Rock stars tend to cast themselves as emotional savants, folks who feel the plight of vanishing rain forests and anguished Tibetans more acutely than the rest of humanity. Bono's involvement with Africa began in typical celebrity-dilettante fashion...But then Bono and his wife traveled to Wello, Ethiopia, and spent six weeks working at an orphanage. "You'd wake up in the morning, and mist would be lifting," Bono recalls. "You'd walk out of your tent, and you'd count bodies of dead and abandoned children. Or worse, the father of a child would walk up to you and try to give you his living child and say, 'You take it, because if this is your child, it won't die.'"...
The experience remained with him through 1999, when he joined the Jubilee 2000 movement. Jubilee 2000's aim was to get the U.S. and other wealthy nations, as well as the World Bank and the International Monetary Fund, to erase the public debt of 52 of the world's poorest countries, most of them in Africa. By wiping $350 billion from their books, these countries would be free to spend money on health care and education, rather than pay down the principal on loans floated by corrupt and sometimes long-gone governments. ...
"I know how absurd it is to have a rock star talk about the World Health Organization or debt relief or HIV/AIDS in Africa," Bono says. But he also knows that no one else with his kind of access to media and money has taken on the job. In an effort to keep the discussion serious and avoid the appearance of being just another rocker against bad things, he refrains from treating Africa as an emotional issue. "We don't argue compassion," he says. His argument is pragmatic, not preachy. "We put it in the most crass terms possible; we argue it as a financial and security issue for America...There are potentially another 10 Afghanistans in Africa, and it is cheaper by a factor of 100 to prevent the fires from happening than to put them out." ...

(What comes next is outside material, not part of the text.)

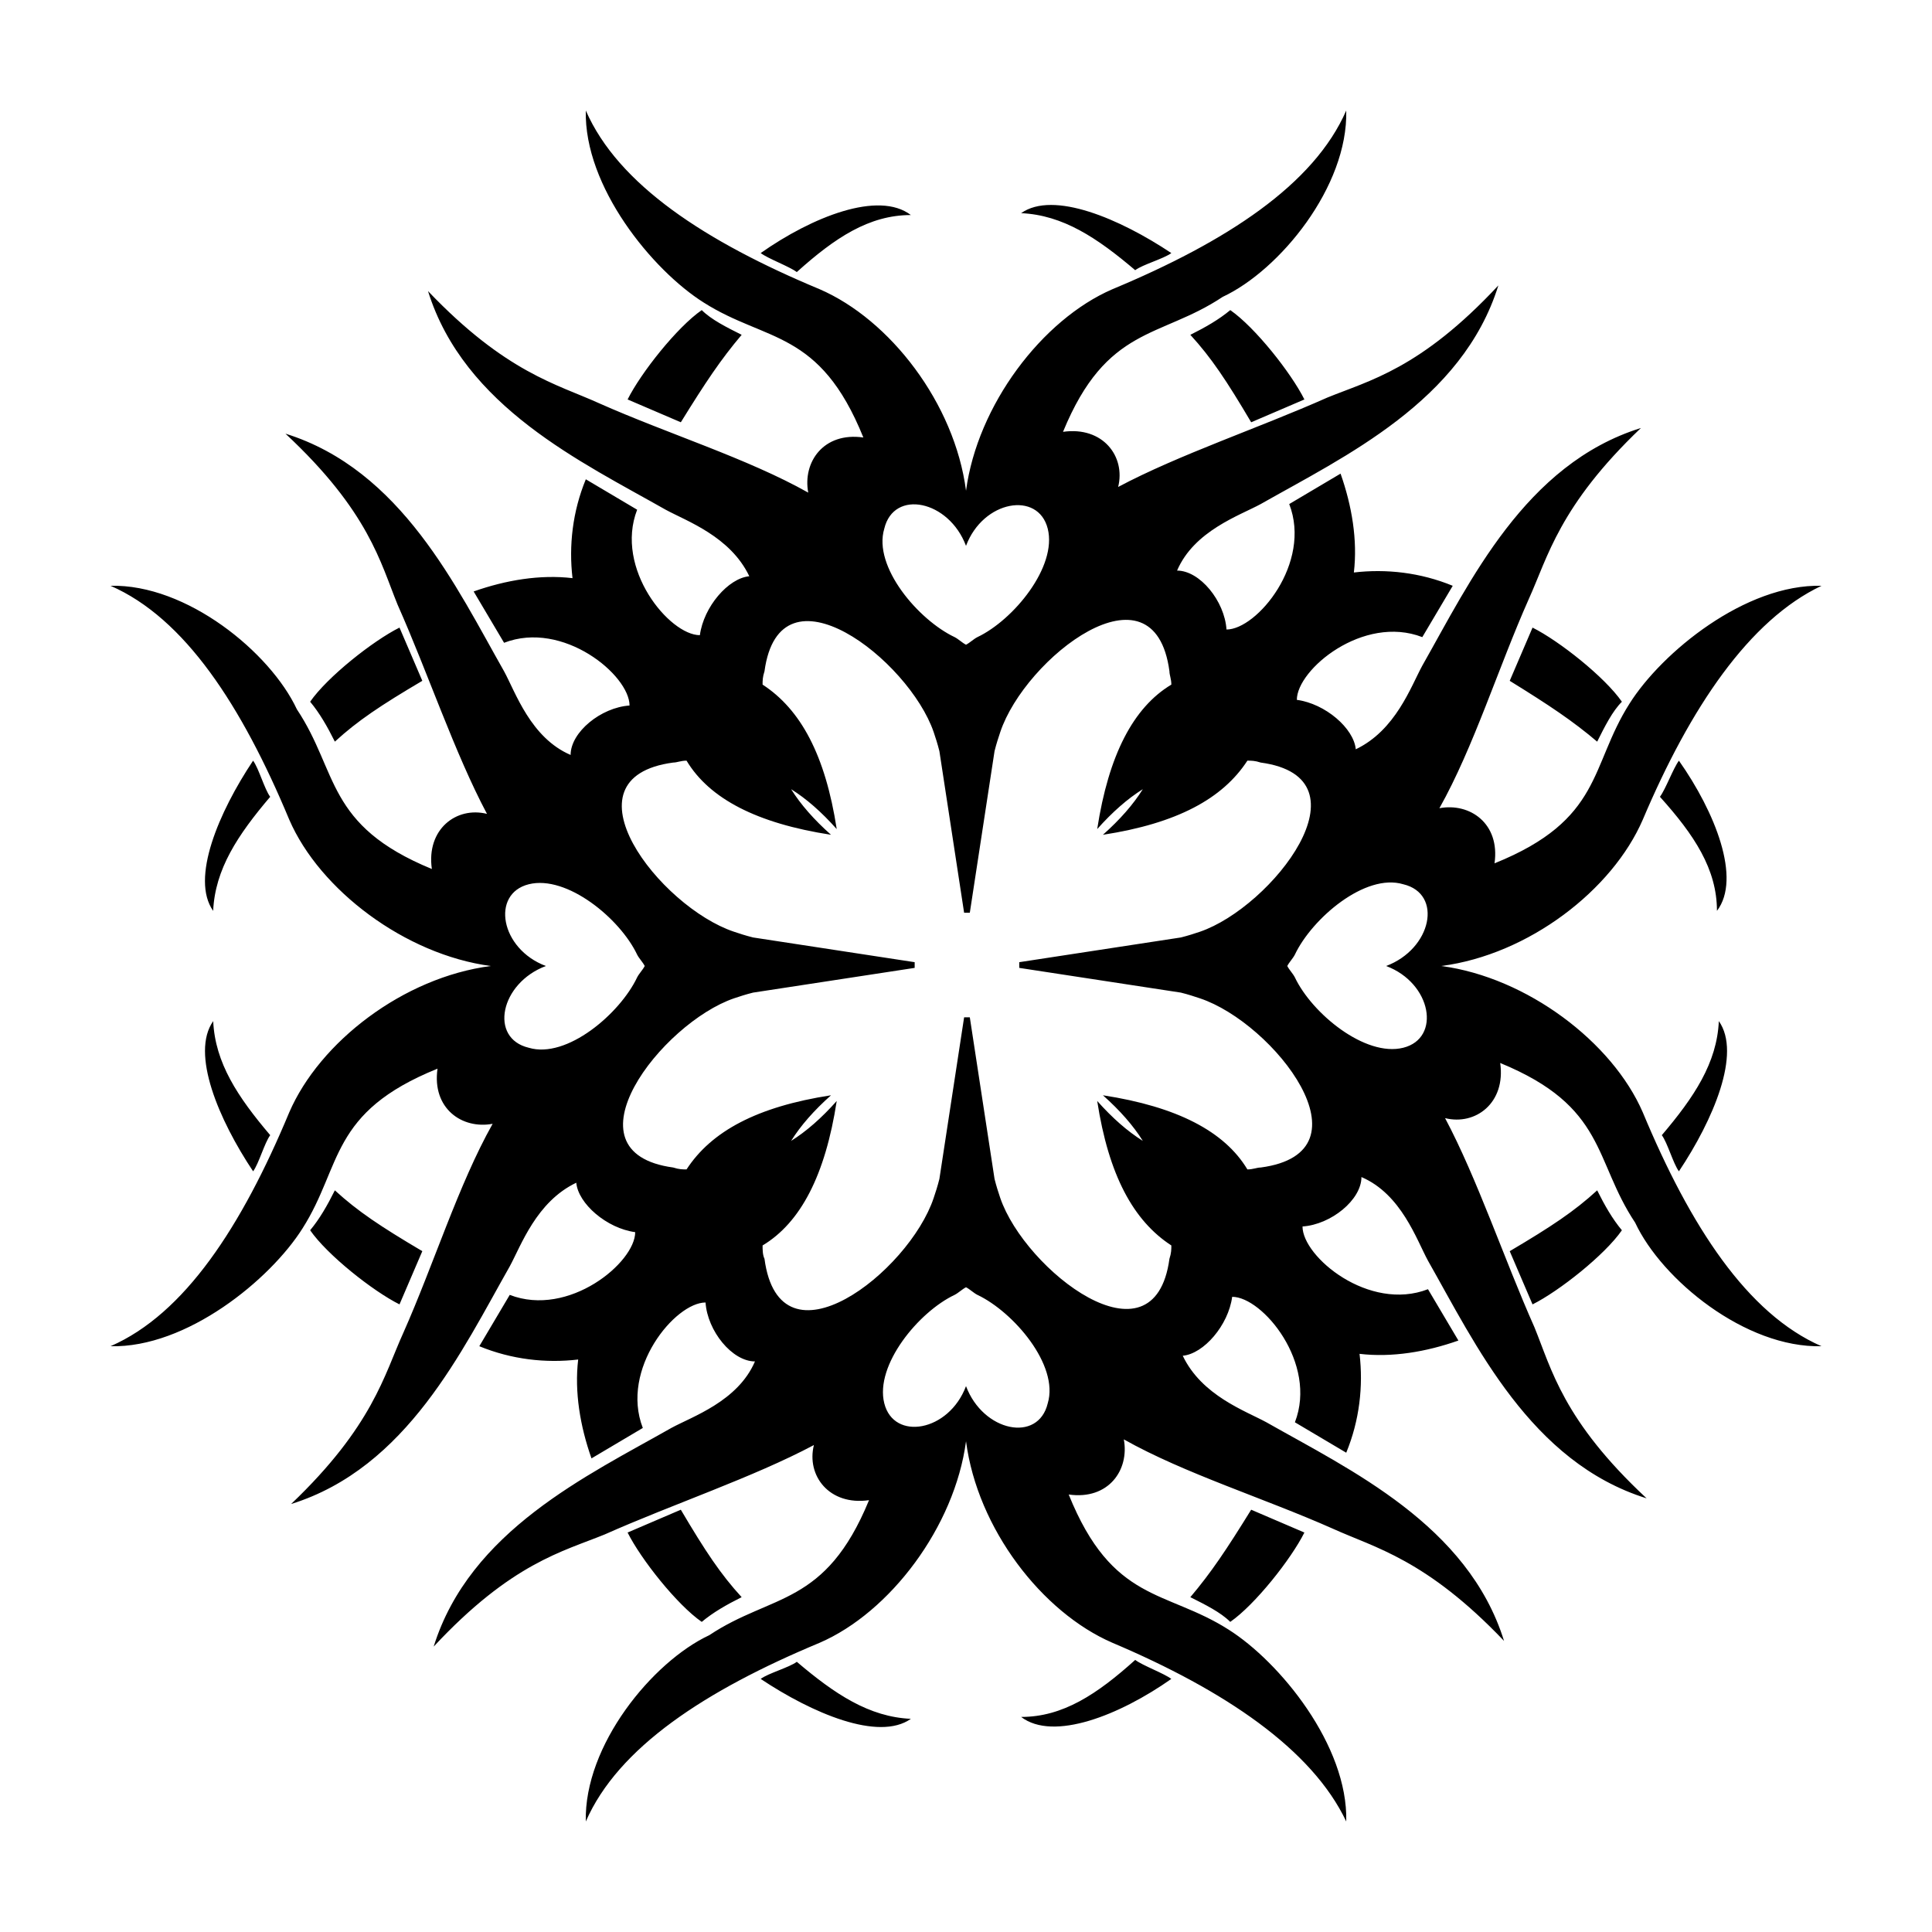 <?xml version="1.0" encoding="UTF-8"?>
<!-- Uploaded to: ICON Repo, www.iconrepo.com, Generator: ICON Repo Mixer Tools -->
<svg fill="#000000" width="800px" height="800px" version="1.1" viewBox="144 144 512 512" xmlns="http://www.w3.org/2000/svg">
 <path d="m489.68 249.86-14.105 6.047c-6.551-11.082-10.578-17.129-16.121-23.176 4.031-2.016 7.559-4.031 10.578-6.551 6.551 4.535 16.121 16.625 19.648 23.68zm-239.81 60.457 6.047 14.105c-11.082 6.551-17.129 10.578-23.176 16.121-2.016-4.031-4.031-7.559-6.551-10.578 4.535-6.551 16.625-16.121 23.68-19.648zm0 179.36 6.047-14.105c-11.082-6.551-17.129-10.578-23.176-16.121-2.016 4.031-4.031 7.559-6.551 10.578 4.535 6.551 16.625 16.121 23.68 19.648zm-38.793-35.266c1.512-2.016 3.023-7.559 4.535-9.574-8.566-10.078-14.609-19.145-15.113-30.23-6.047 8.566 1.508 26.203 10.578 39.805zm-37.785 46.352c20.152 0.504 42.32-17.633 50.883-31.234 10.578-16.625 7.055-30.73 35.77-42.32-1.512 10.578 6.551 16.121 14.609 14.609-9.07 16.121-15.617 37.281-23.68 55.418-5.039 11.082-8.062 24.688-29.727 45.344 30.73-9.574 45.344-40.809 57.938-62.977 3.023-5.543 7.055-17.129 17.633-22.168 0.504 5.543 8.062 12.09 15.617 13.098 0 8.062-17.633 22.672-33.25 16.625l-8.062 13.602c8.566 3.527 17.633 4.535 26.199 3.527-1.008 8.566 0.504 17.633 3.527 26.199l13.602-8.062c-6.047-15.617 8.566-33.25 16.625-33.25 0.504 7.559 7.055 15.617 13.098 15.617-4.535 10.578-16.625 14.609-22.168 17.633-22.168 12.594-53.402 27.207-62.977 57.938 20.656-22.168 34.258-25.191 45.344-29.727 18.137-8.062 39.297-15.113 55.418-23.68-2.016 8.062 4.031 16.121 14.609 14.609-11.586 28.215-25.695 24.688-42.32 35.77-15.102 7.062-33.238 29.227-32.734 49.379 8.566-19.648 31.738-34.762 61.969-47.359 18.641-8.059 35.77-30.73 38.793-53.402 3.023 23.176 20.152 45.344 38.793 53.402 29.727 12.594 52.898 28.215 61.969 47.359 0.504-20.152-17.633-42.32-31.234-50.883-16.625-10.578-30.73-7.055-42.32-35.77 10.578 1.512 16.121-6.551 14.609-14.609 16.121 9.07 37.281 15.617 55.418 23.68 11.082 5.039 24.688 8.062 45.344 29.727-9.574-30.73-40.809-45.344-62.977-57.938-5.543-3.023-17.129-7.055-22.168-17.633 5.543-0.504 12.09-8.062 13.098-15.617 8.062 0 22.672 17.633 16.625 33.25l13.602 8.062c3.527-8.566 4.535-17.633 3.527-26.199 8.566 1.008 17.633-0.504 26.199-3.527l-8.062-13.602c-15.617 6.047-33.25-8.566-33.25-16.625 7.559-0.504 15.617-7.055 15.617-13.098 10.578 4.535 14.609 16.625 17.633 22.168 12.594 22.168 27.207 53.402 57.938 62.977-22.168-20.656-25.191-34.258-29.727-45.344-8.062-18.137-15.113-39.297-23.68-55.418 8.062 2.016 16.121-4.031 14.609-14.609 28.215 11.586 24.688 25.695 35.77 42.32 7.062 15.105 29.227 33.242 49.379 32.738-19.648-8.566-34.762-31.738-47.359-61.969-8.059-18.641-30.73-35.773-53.402-38.793 23.176-3.023 45.344-20.152 53.402-38.793 12.594-29.727 28.215-52.898 47.359-61.969-20.152-0.504-42.32 17.633-50.883 31.234-10.578 16.625-7.055 30.73-35.77 42.32 1.512-10.578-6.551-16.121-14.609-14.609 9.07-16.121 15.617-37.281 23.68-55.418 5.039-11.082 8.062-24.688 29.727-45.344-30.73 9.574-45.344 40.809-57.938 62.977-3.023 5.543-7.055 17.129-17.633 22.168-0.504-5.543-8.062-12.09-15.617-13.098 0-8.062 17.633-22.672 33.25-16.625l8.062-13.602c-8.566-3.527-17.633-4.535-26.199-3.527 1.008-8.566-0.504-17.633-3.527-26.199l-13.602 8.062c6.047 15.617-8.566 33.25-16.625 33.25-0.504-7.559-7.055-15.617-13.098-15.617 4.535-10.578 16.625-14.609 22.168-17.633 22.168-12.594 53.402-27.207 62.977-57.938-20.656 22.168-34.258 25.191-45.344 29.727-18.137 8.062-39.297 15.113-55.418 23.68 2.016-8.062-4.031-16.121-14.609-14.609 11.586-28.215 25.695-24.688 42.32-35.77 15.105-7.062 33.242-29.23 32.738-49.383-8.566 19.648-31.738 34.762-61.969 47.359-18.641 8.059-35.773 30.73-38.793 53.402-3.023-23.176-20.152-45.344-38.793-53.402-30.23-12.598-53.406-27.711-61.969-47.359-0.504 20.152 17.633 42.32 31.234 50.883 16.625 10.578 30.73 7.055 42.32 35.77-10.578-1.512-16.121 6.551-14.609 14.609-16.121-9.07-37.281-15.617-55.418-23.68-11.082-5.039-24.688-8.062-45.344-29.727 9.574 30.73 40.809 45.344 62.977 57.938 5.543 3.023 17.129 7.055 22.168 17.633-5.543 0.504-12.09 8.062-13.098 15.617-8.062 0-22.672-17.633-16.625-33.25l-13.602-8.062c-3.527 8.566-4.535 17.633-3.527 26.199-8.566-1.008-17.633 0.504-26.199 3.527l8.062 13.602c15.617-6.047 33.25 8.566 33.25 16.625-7.559 0.504-15.617 7.055-15.617 13.098-10.578-4.535-14.609-16.625-17.633-22.168-12.594-22.168-27.207-53.402-57.938-62.977 22.168 20.656 25.191 34.258 29.727 45.344 8.062 18.137 15.113 39.297 23.68 55.418-8.062-2.016-16.121 4.031-14.609 14.609-28.215-11.586-24.688-25.695-35.77-42.32-7.062-15.102-29.23-33.238-49.383-32.734 19.648 8.566 34.762 31.738 47.359 61.969 8.059 18.641 30.73 35.77 53.402 38.793-23.176 3.023-45.344 20.152-53.402 38.793-12.598 30.227-27.711 53.402-47.359 61.969zm172.8-26.703c10.078-6.047 16.625-18.641 19.648-38.289-4.031 4.535-8.062 8.062-12.09 10.578 2.519-4.031 6.047-8.062 10.578-12.09-19.648 3.023-31.738 9.574-38.289 19.648-1.008 0-2.016 0-3.527-0.504-29.727-4.031-3.023-38.289 16.121-44.84 1.512-0.504 3.023-1.008 5.039-1.512l42.824-6.551v-1.512l-42.824-6.551c-2.016-0.504-3.527-1.008-5.039-1.512-19.648-6.551-46.352-40.809-16.121-44.84 1.008 0 2.016-0.504 3.527-0.504 6.047 10.078 18.641 16.625 38.289 19.648-4.535-4.031-8.062-8.062-10.578-12.09 4.031 2.519 8.062 6.047 12.09 10.578-3.023-19.648-9.574-31.738-19.648-38.289 0-1.008 0-2.016 0.504-3.527 4.031-29.727 38.289-3.023 44.84 16.121 0.504 1.512 1.008 3.023 1.512 5.039l6.551 42.824h1.512l6.551-42.824c0.504-2.016 1.008-3.527 1.512-5.039 6.551-19.648 40.809-46.352 44.84-16.121 0 1.008 0.504 2.016 0.504 3.527-10.078 6.047-16.625 18.641-19.648 38.289 4.031-4.535 8.062-8.062 12.09-10.578-2.519 4.031-6.047 8.062-10.578 12.09 19.648-3.023 31.738-9.574 38.289-19.648 1.008 0 2.016 0 3.527 0.504 29.727 4.031 3.023 38.289-16.121 44.84-1.512 0.504-3.023 1.008-5.039 1.512l-42.824 6.551v1.512l42.824 6.551c2.016 0.504 3.527 1.008 5.039 1.512 19.648 6.551 46.352 40.809 16.121 44.84-1.008 0-2.016 0.504-3.527 0.504-6.047-10.078-18.641-16.625-38.289-19.648 4.535 4.031 8.062 8.062 10.578 12.09-4.031-2.519-8.062-6.047-12.09-10.578 3.023 19.648 9.574 31.738 19.648 38.289 0 1.008 0 2.016-0.504 3.527-4.031 29.727-38.289 3.023-44.84-16.121-0.504-1.512-1.008-3.023-1.512-5.039l-6.551-42.824h-1.512l-6.551 42.824c-0.504 2.016-1.008 3.527-1.512 5.039-6.551 19.648-40.809 46.352-44.84 16.121-0.504-1.008-0.504-2.519-0.504-3.527zm-31.234-74.059c-0.504 1.008-1.512 2.016-2.016 3.023-4.535 9.574-18.641 21.664-28.719 18.641-10.578-2.519-7.559-17.129 4.535-21.664-12.09-4.535-14.609-19.145-4.535-21.664 10.078-2.519 24.184 9.07 28.719 18.641 0.504 1.008 1.512 2.016 2.016 3.023zm-103.79-54.414c1.512 2.016 3.023 7.559 4.535 9.574-8.566 10.078-14.609 19.145-15.113 30.23-6.047-8.566 1.508-26.199 10.578-39.805zm99.25 204.55 14.105-6.047c6.551 11.082 10.578 17.129 16.121 23.176-4.031 2.016-7.559 4.031-10.578 6.551-6.551-4.535-16.121-16.625-19.648-23.68zm179.36 0c-3.527 7.055-13.098 19.145-19.648 23.68-2.519-2.519-6.551-4.535-10.578-6.551 5.543-6.551 9.574-12.594 16.121-23.176zm-35.266 38.793c-13.602 9.574-31.234 16.625-39.801 10.078 11.082 0 20.152-6.047 30.23-15.113 2.012 1.512 7.555 3.523 9.57 5.035zm-54.41-103.79c1.008 0.504 2.016 1.512 3.023 2.016 9.574 4.535 21.664 18.641 18.641 28.719-2.519 10.578-17.129 7.559-21.664-4.535-4.535 12.09-19.145 14.609-21.664 4.535-2.519-10.078 9.07-24.184 18.641-28.719 1.008-0.504 2.016-1.512 3.023-2.016zm-54.414 103.79c2.016-1.512 7.559-3.023 9.574-4.535 10.078 8.566 19.145 14.609 30.23 15.113-8.566 6.051-26.199-1.508-39.805-10.578zm204.55-99.25-6.047-14.105c11.082-6.551 17.129-10.578 23.176-16.121 2.016 4.031 4.031 7.559 6.551 10.578-4.535 6.551-16.625 16.121-23.68 19.648zm0-179.36c7.055 3.527 19.145 13.098 23.68 19.648-2.519 2.519-4.535 6.551-6.551 10.578-6.551-5.543-12.594-9.574-23.176-16.121zm38.793 35.266c9.574 13.602 16.625 31.234 10.078 39.801 0-11.082-6.047-20.152-15.113-30.23 1.512-2.012 3.523-7.555 5.035-9.57zm-103.79 54.414c0.504-1.008 1.512-2.016 2.016-3.023 4.535-9.574 18.641-21.664 28.719-18.641 10.578 2.519 7.559 17.129-4.535 21.664 12.09 4.535 14.609 19.145 4.535 21.664-10.078 2.519-24.184-9.07-28.719-18.641-0.504-1.008-1.512-2.016-2.016-3.023zm103.79 54.41c-1.512-2.016-3.023-7.559-4.535-9.574 8.566-10.078 14.609-19.145 15.113-30.23 6.051 8.566-1.508 26.203-10.578 39.805zm-278.61-204.55c3.527-7.055 13.098-19.145 19.648-23.68 2.519 2.519 6.551 4.535 10.578 6.551-5.543 6.551-9.574 12.594-16.121 23.176zm35.266-38.793c13.602-9.574 31.234-16.625 39.801-10.078-11.082 0-20.152 6.047-30.23 15.113-2.012-1.508-7.555-3.523-9.57-5.035zm54.414 103.79c-1.008-0.504-2.016-1.512-3.023-2.016-9.574-4.535-21.664-18.641-18.641-28.719 2.519-10.578 17.129-7.559 21.664 4.535 4.535-12.09 19.145-14.609 21.664-4.535 2.519 10.078-9.07 24.184-18.641 28.719-1.008 0.504-2.016 1.512-3.023 2.016zm54.41-103.79c-2.016 1.512-7.559 3.023-9.574 4.535-10.078-8.566-19.145-14.609-30.23-15.113 8.566-6.047 26.203 1.508 39.805 10.578z" fill-rule="evenodd"/>
</svg>

"What we're all on about is: Africa. Seventy percent of the problem of HIV/AIDS is in Africa. We're talking about the continent bursting into flames while we stand around with watering cans. That's our one idea. But the closer you get to the policymakers, you need specificity, and you need to know what you're talking about. I'd go in and talk about debt relief, debt relief, debt relief, and people would say, 'But that's only part of the picture here.'"
At 41, Bono says, he has given up on music as a political force. He believes his work negotiating in political back rooms is more vital and effective than singing in sold-out stadiums...
Music does make a difference in one way; it sways people emotionally. But for Bono that is no longer enough: "When you sing, you make people vulnerable to change in their lives. You make yourself vulnerable to change in your life. But in the end, you've got to become the change you want to see in the world.(italics mine).I'm actually not a very good example of that--I'm too selfish, and the right to be ridiculous is something I hold too dear--but still, I know it's true."